> [Prompt]: Taking the listing below, restate word for word each line from the line with "#2710 = ORIENTED_EDGE" to the line with "#2882 = VERTEX_POINT ( 'NONE', #1704 ) ;", ends included, and stop there.

> [Given entries]:

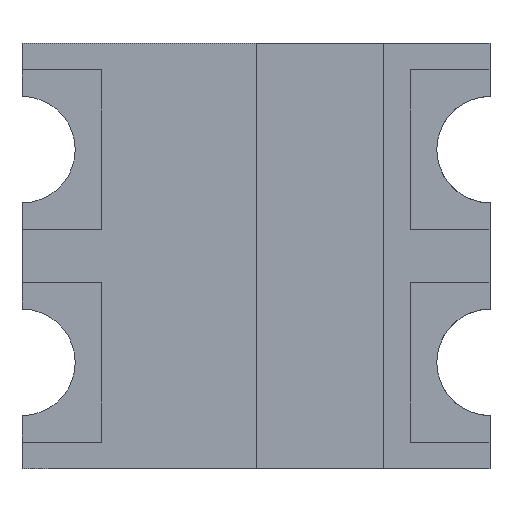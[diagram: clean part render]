
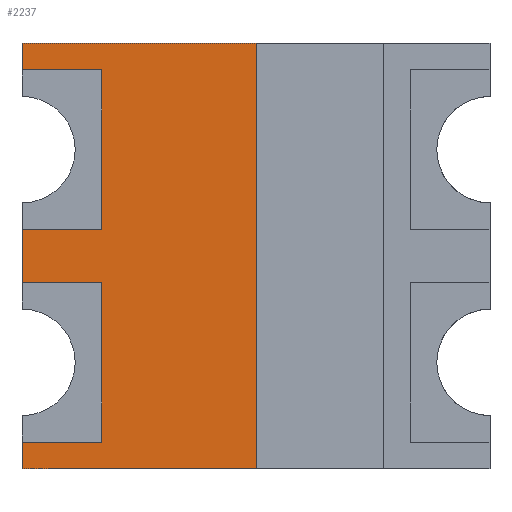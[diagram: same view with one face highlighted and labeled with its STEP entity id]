
A CAD part, front view. The second image highlights one B-rep face of the part: STEP entity #2237.
In plain terms, the highlighted planar face has unit normal (0, -1, 0).
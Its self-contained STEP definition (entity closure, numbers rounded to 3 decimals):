
#10 = EDGE_CURVE ( 'NONE', #1315, #2276, #2331, .T. ) ;
#27 = EDGE_LOOP ( 'NONE', ( #1388, #2023, #74, #525, #2475, #2008, #2890, #1088, #1363, #1829, #2710, #2698 ) ) ;
#32 = LINE ( 'NONE', #744, #1280 ) ;
#74 = ORIENTED_EDGE ( 'NONE', *, *, #1341, .T. ) ;
#131 = DIRECTION ( 'NONE',  ( 0., 0., -1. ) ) ;
#142 = EDGE_CURVE ( 'NONE', #641, #2084, #1544, .T. ) ;
#150 = VERTEX_POINT ( 'NONE', #1139 ) ;
#179 = CARTESIAN_POINT ( 'NONE',  ( -0.725, 0.01, 0.875 ) ) ;
#238 = VECTOR ( 'NONE', #1663, 1000. ) ;
#252 = CARTESIAN_POINT ( 'NONE',  ( -0.725, 0.01, -0.875 ) ) ;
#283 = VERTEX_POINT ( 'NONE', #1032 ) ;
#288 = EDGE_CURVE ( 'NONE', #2276, #150, #1930, .T. ) ;
#291 = CARTESIAN_POINT ( 'NONE',  ( 0., 0.01, 0.875 ) ) ;
#300 = VERTEX_POINT ( 'NONE', #881 ) ;
#302 = CARTESIAN_POINT ( 'NONE',  ( 0., 0.01, 0.125 ) ) ;
#317 = DIRECTION ( 'NONE',  ( 0., -1., 0. ) ) ;
#333 = CARTESIAN_POINT ( 'NONE',  ( 0., 0.01, 1. ) ) ;
#357 = DIRECTION ( 'NONE',  ( 0., 0., -1. ) ) ;
#366 = CARTESIAN_POINT ( 'NONE',  ( -1.1, 0.01, 0. ) ) ;
#404 = DIRECTION ( 'NONE',  ( 1., 0., 0. ) ) ;
#496 = CARTESIAN_POINT ( 'NONE',  ( 0., 0.01, -0.125 ) ) ;
#518 = CARTESIAN_POINT ( 'NONE',  ( -0.725, 0.01, -0.125 ) ) ;
#522 = VECTOR ( 'NONE', #2094, 1000. ) ;
#525 = ORIENTED_EDGE ( 'NONE', *, *, #10, .T. ) ;
#587 = EDGE_CURVE ( 'NONE', #1934, #740, #1183, .T. ) ;
#603 = FACE_OUTER_BOUND ( 'NONE', #27, .T. ) ;
#607 = CARTESIAN_POINT ( 'NONE',  ( -1.1, 0.01, 0.125 ) ) ;
#639 = EDGE_CURVE ( 'NONE', #740, #2084, #2583, .T. ) ;
#641 = VERTEX_POINT ( 'NONE', #252 ) ;
#740 = VERTEX_POINT ( 'NONE', #742 ) ;
#742 = CARTESIAN_POINT ( 'NONE',  ( -1.1, 0.01, -0.125 ) ) ;
#744 = CARTESIAN_POINT ( 'NONE',  ( 0., 0.01, -1. ) ) ;
#804 = CARTESIAN_POINT ( 'NONE',  ( -1.1, 0.01, 0.875 ) ) ;
#840 = VECTOR ( 'NONE', #2875, 1000. ) ;
#881 = CARTESIAN_POINT ( 'NONE',  ( -1.1, 0.01, 1. ) ) ;
#989 = VERTEX_POINT ( 'NONE', #2126 ) ;
#1020 = CARTESIAN_POINT ( 'NONE',  ( -1.1, 0.01, -0.875 ) ) ;
#1032 = CARTESIAN_POINT ( 'NONE',  ( 0., 0.01, -1. ) ) ;
#1080 = VECTOR ( 'NONE', #131, 1000. ) ;
#1088 = ORIENTED_EDGE ( 'NONE', *, *, #639, .T. ) ;
#1100 = AXIS2_PLACEMENT_3D ( 'NONE', #2400, #317, #357 ) ;
#1139 = CARTESIAN_POINT ( 'NONE',  ( -0.725, 0.01, 0.125 ) ) ;
#1183 = LINE ( 'NONE', #2085, #1198 ) ;
#1198 = VECTOR ( 'NONE', #1865, 1000. ) ;
#1200 = CARTESIAN_POINT ( 'NONE',  ( 0., 0.01, 0. ) ) ;
#1207 = VECTOR ( 'NONE', #1629, 1000. ) ;
#1275 = DIRECTION ( 'NONE',  ( 0., 0., -1. ) ) ;
#1280 = VECTOR ( 'NONE', #2763, 1000. ) ;
#1307 = VERTEX_POINT ( 'NONE', #1020 ) ;
#1315 = VERTEX_POINT ( 'NONE', #804 ) ;
#1341 = EDGE_CURVE ( 'NONE', #300, #1315, #2404, .T. ) ;
#1363 = ORIENTED_EDGE ( 'NONE', *, *, #142, .F. ) ;
#1388 = ORIENTED_EDGE ( 'NONE', *, *, #2143, .F. ) ;
#1392 = EDGE_CURVE ( 'NONE', #1307, #641, #2052, .T. ) ;
#1544 = LINE ( 'NONE', #2452, #840 ) ;
#1567 = CARTESIAN_POINT ( 'NONE',  ( 0., 0.01, -0.875 ) ) ;
#1629 = DIRECTION ( 'NONE',  ( 1., 0., 0. ) ) ;
#1655 = DIRECTION ( 'NONE',  ( 0., 0., -1. ) ) ;
#1659 = VECTOR ( 'NONE', #2629, 1000. ) ;
#1663 = DIRECTION ( 'NONE',  ( 1., 0., 0. ) ) ;
#1704 = CARTESIAN_POINT ( 'NONE',  ( -1.1, 0.01, -1. ) ) ;
#1775 = VECTOR ( 'NONE', #1275, 1000. ) ;
#1823 = EDGE_CURVE ( 'NONE', #1934, #150, #2342, .T. ) ;
#1829 = ORIENTED_EDGE ( 'NONE', *, *, #1392, .F. ) ;
#1865 = DIRECTION ( 'NONE',  ( 0., 0., -1. ) ) ;
#1930 = LINE ( 'NONE', #2819, #1080 ) ;
#1934 = VERTEX_POINT ( 'NONE', #607 ) ;
#1939 = PLANE ( 'NONE',  #1100 ) ;
#2008 = ORIENTED_EDGE ( 'NONE', *, *, #1823, .F. ) ;
#2023 = ORIENTED_EDGE ( 'NONE', *, *, #2177, .T. ) ;
#2052 = LINE ( 'NONE', #1567, #1207 ) ;
#2076 = LINE ( 'NONE', #1200, #2885 ) ;
#2084 = VERTEX_POINT ( 'NONE', #518 ) ;
#2085 = CARTESIAN_POINT ( 'NONE',  ( -1.1, 0.01, 0. ) ) ;
#2094 = DIRECTION ( 'NONE',  ( 1., 0., 0. ) ) ;
#2126 = CARTESIAN_POINT ( 'NONE',  ( 0., 0.01, 1. ) ) ;
#2133 = LINE ( 'NONE', #2149, #1659 ) ;
#2143 = EDGE_CURVE ( 'NONE', #989, #283, #2076, .T. ) ;
#2149 = CARTESIAN_POINT ( 'NONE',  ( -1.1, 0.01, 0. ) ) ;
#2177 = EDGE_CURVE ( 'NONE', #989, #300, #2388, .T. ) ;
#2180 = VECTOR ( 'NONE', #2603, 1000. ) ;
#2215 = EDGE_CURVE ( 'NONE', #1307, #2882, #2133, .T. ) ;
#2237 = ADVANCED_FACE ( 'NONE', ( #603 ), #1939, .T. ) ;
#2276 = VERTEX_POINT ( 'NONE', #179 ) ;
#2331 = LINE ( 'NONE', #291, #2684 ) ;
#2342 = LINE ( 'NONE', #302, #522 ) ;
#2388 = LINE ( 'NONE', #333, #2180 ) ;
#2400 = CARTESIAN_POINT ( 'NONE',  ( 0., 0.01, 0. ) ) ;
#2404 = LINE ( 'NONE', #366, #1775 ) ;
#2452 = CARTESIAN_POINT ( 'NONE',  ( -0.725, 0.01, 0. ) ) ;
#2475 = ORIENTED_EDGE ( 'NONE', *, *, #288, .T. ) ;
#2482 = EDGE_CURVE ( 'NONE', #2882, #283, #32, .T. ) ;
#2583 = LINE ( 'NONE', #496, #238 ) ;
#2603 = DIRECTION ( 'NONE',  ( -1., 0., 0. ) ) ;
#2629 = DIRECTION ( 'NONE',  ( 0., 0., -1. ) ) ;
#2684 = VECTOR ( 'NONE', #404, 1000. ) ;
#2698 = ORIENTED_EDGE ( 'NONE', *, *, #2482, .T. ) ;
#2710 = ORIENTED_EDGE ( 'NONE', *, *, #2215, .T. ) ;
#2763 = DIRECTION ( 'NONE',  ( 1., 0., 0. ) ) ;
#2819 = CARTESIAN_POINT ( 'NONE',  ( -0.725, 0.01, 0. ) ) ;
#2875 = DIRECTION ( 'NONE',  ( 0., 0., 1. ) ) ;
#2882 = VERTEX_POINT ( 'NONE', #1704 ) ;
#2885 = VECTOR ( 'NONE', #1655, 1000. ) ;
#2890 = ORIENTED_EDGE ( 'NONE', *, *, #587, .T. ) ;
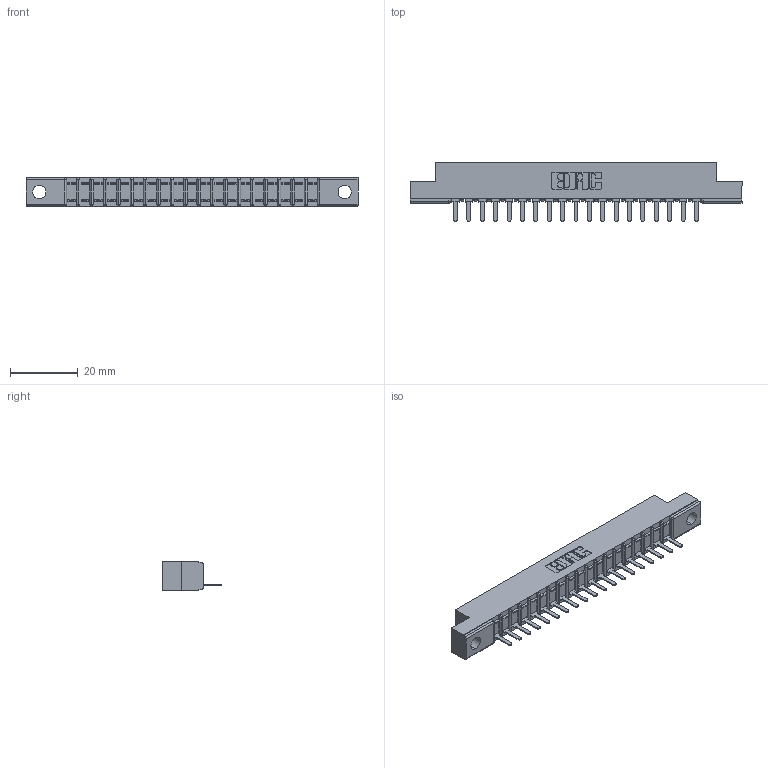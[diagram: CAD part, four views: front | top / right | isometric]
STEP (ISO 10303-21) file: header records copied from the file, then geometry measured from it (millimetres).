
FILE_DESCRIPTION (( 'STEP AP203' ), '1' );
FILE_NAME ('307-019-521-102.STEP', '2019-09-04T22:33:45', ( '' ), ( '' ), 'SwSTEP 2.0', 'SolidWorks 2016', '' );
FILE_SCHEMA (( 'CONFIG_CONTROL_DESIGN' ));
Length unit declared in the file: inch
Products named in the file (3): 307-290-002_521; 307 Part_.128 Dia Mounting Holes; 307-019-521-102
Assembly tree (20 placements, depth 2):
  307-019-521-102
    307 Part_.128 Dia Mounting Holes
    307-290-002_521  x19
Bounding box: 98.3 x 17.42 x 8.71 mm (x, y, z)
Volume: 6401.1 mm3; surface area: 11335.3 mm2
Topology: 20 solids, 20 shells, 1544 faces, 4731 edges, 3098 vertices
Faces by surface type: plane 925, cylinder 579, sphere 40
Entity records: 19844 total; most frequent: CARTESIAN_POINT 3344, ORIENTED_EDGE 3334, DIRECTION 3259, EDGE_CURVE 1667, VECTOR 1265, LINE 1265, VERTEX_POINT 1082, AXIS2_PLACEMENT_3D 997
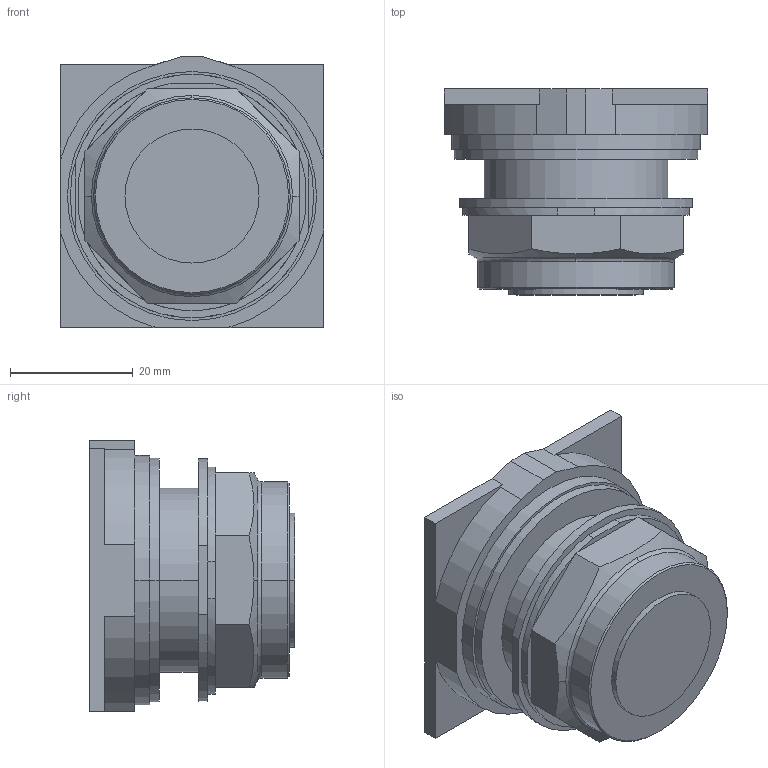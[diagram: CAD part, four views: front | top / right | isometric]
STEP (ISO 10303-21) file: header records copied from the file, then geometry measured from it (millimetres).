
FILE_DESCRIPTION(('starvars output'),'2;1');
FILE_NAME('9001SKP_3D.stp','16:48:29 2020/03/31',( 'Thomas Industrial Network Germany GmbH'),( 'Thomas Industrial Network Germany GmbH'),'unknown preprocess','ACIS' ,'unknown authorization');
FILE_SCHEMA(('CONFIG_CONTROL_DESIGN {UNKNOWN IMPLEMENTATION LEVEL}'));
Length unit declared in the file: millimetre
Products named in the file (1): PRODUCT_ID_1
Bounding box: 42.88 x 33.53 x 44.2 mm (x, y, z)
Volume: 34318.6 mm3; surface area: 10533.8 mm2
Topology: 2 solids, 2 shells, 81 faces, 192 edges, 122 vertices
Faces by surface type: plane 52, cylinder 23, cone 4, torus 2
Entity records: 1958 total; most frequent: ORIENTED_EDGE 384, CARTESIAN_POINT 321, DIRECTION 249, EDGE_CURVE 192, VERTEX_POINT 122, VECTOR 89, LINE 89, EDGE_LOOP 88

> [Solved problem]:
#2710 = ORIENTED_EDGE ( 'NONE', *, *, #2215, .T. ) ;
#2763 = DIRECTION ( 'NONE',  ( 1., 0., 0. ) ) ;
#2819 = CARTESIAN_POINT ( 'NONE',  ( -0.725, 0.01, 0. ) ) ;
#2875 = DIRECTION ( 'NONE',  ( 0., 0., 1. ) ) ;
#2882 = VERTEX_POINT ( 'NONE', #1704 ) ;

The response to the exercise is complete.